Timothy Nardiello

Personal information
- Born: October 5, 1960 (age 65) Lake Placid, New York, United States

Sport
- Sport: Luge

= Timothy Nardiello =

American luger

Timothy Nardiello (born October 5, 1960) is an American former luger and coach. He competed at the 1984 Winter Olympics and the 1988 Winter Olympics. He later went on to coach the US national skeleton team.

==Biography==
Nardiello was born in Lake Placid, New York, in 1960. At high school, Nardiello played hockey, and was on the team that won the New York State Championship. He took up luge, while working in a variety of jobs, including carpentry and fishing. In 1986, Nardiello and Miro Zajonc became the first team from America to win a medal at a Luge World Cup race, finishing in second place.

At the 1984 Winter Olympics in Sarajevo, Nardiello competed in the men's singles event, finishing in 21st place.
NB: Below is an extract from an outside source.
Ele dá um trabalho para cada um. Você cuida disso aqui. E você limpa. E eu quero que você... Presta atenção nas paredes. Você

Four years later, Frank Masley and Nardiello were the first two to qualify to the American Olympic luge team following their qualification runs at the US national trials. At the 1988 Winter Olympics in Calgary, Nardiello and Miro Zajonc competed in the doubles event, where they finished in eleventh place.
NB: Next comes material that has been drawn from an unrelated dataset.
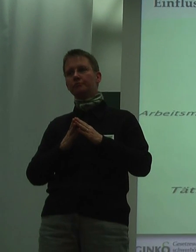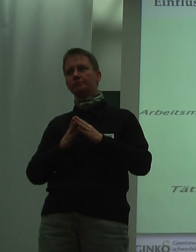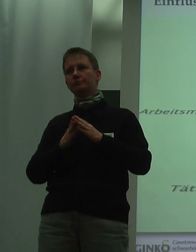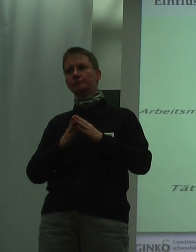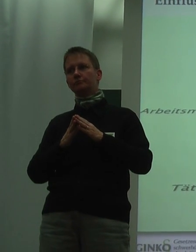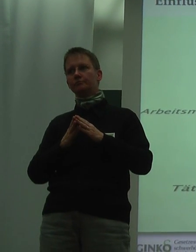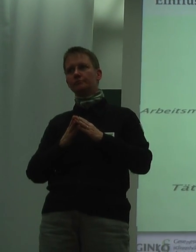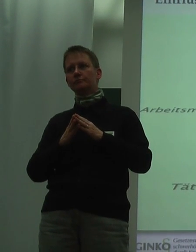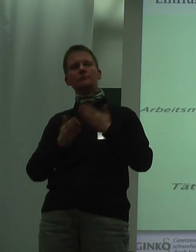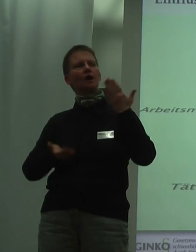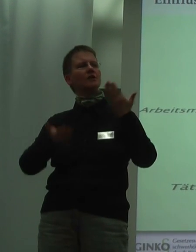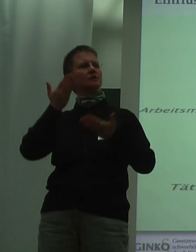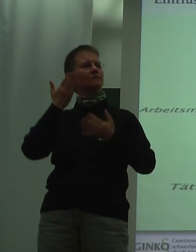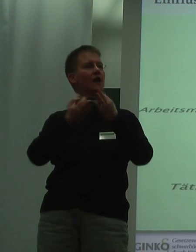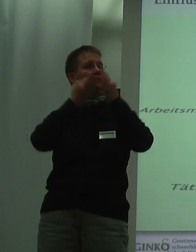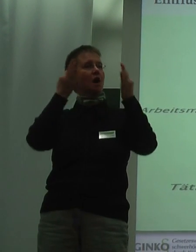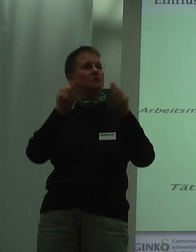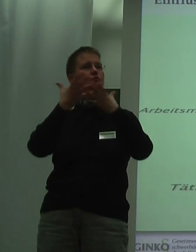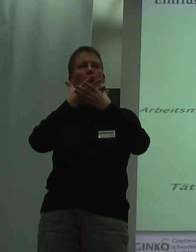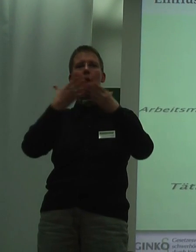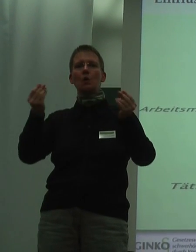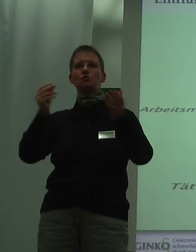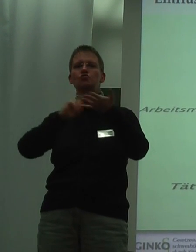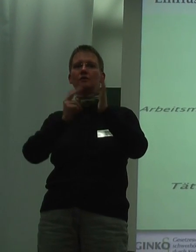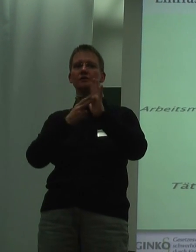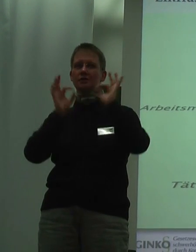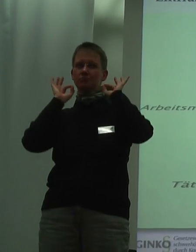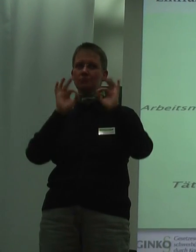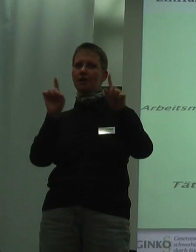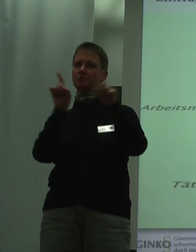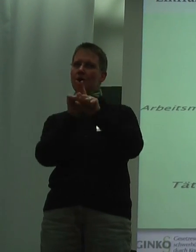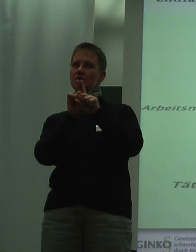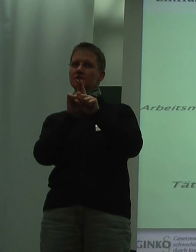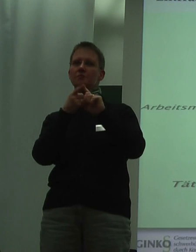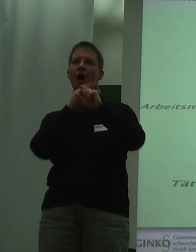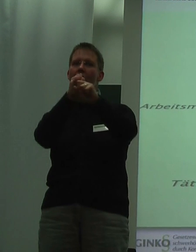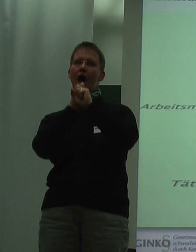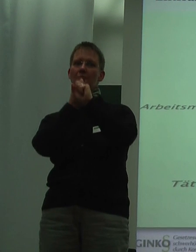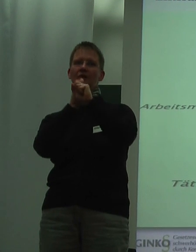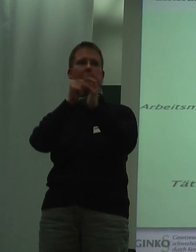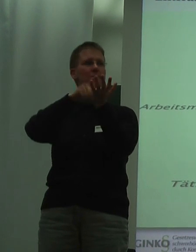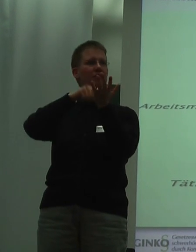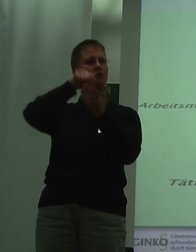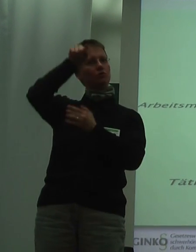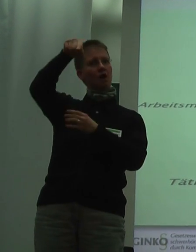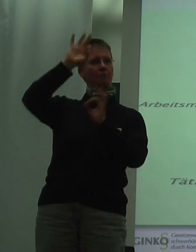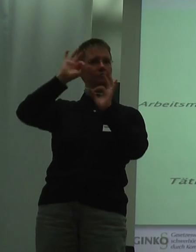Welche Maßnahmen und Lösungsstrategien effektiv sind, hängt von den jeweiligen Dingen vom kompleten Arbeitsplatz ab.

Following his luge career, Nardiello became the coach of the US skeleton team. However, just prior to the 2006 Winter Olympics in Turin, Nardiello was fired from the team. Initially, he had been accused of the sexual harassment of members of the skeleton team. After no supporting evidence was found for the claims against him, he was reinstated a few weeks later. Despite this, the US Olympic Committee then fired Nardiello after they had found he was still working as a coach while under suspension.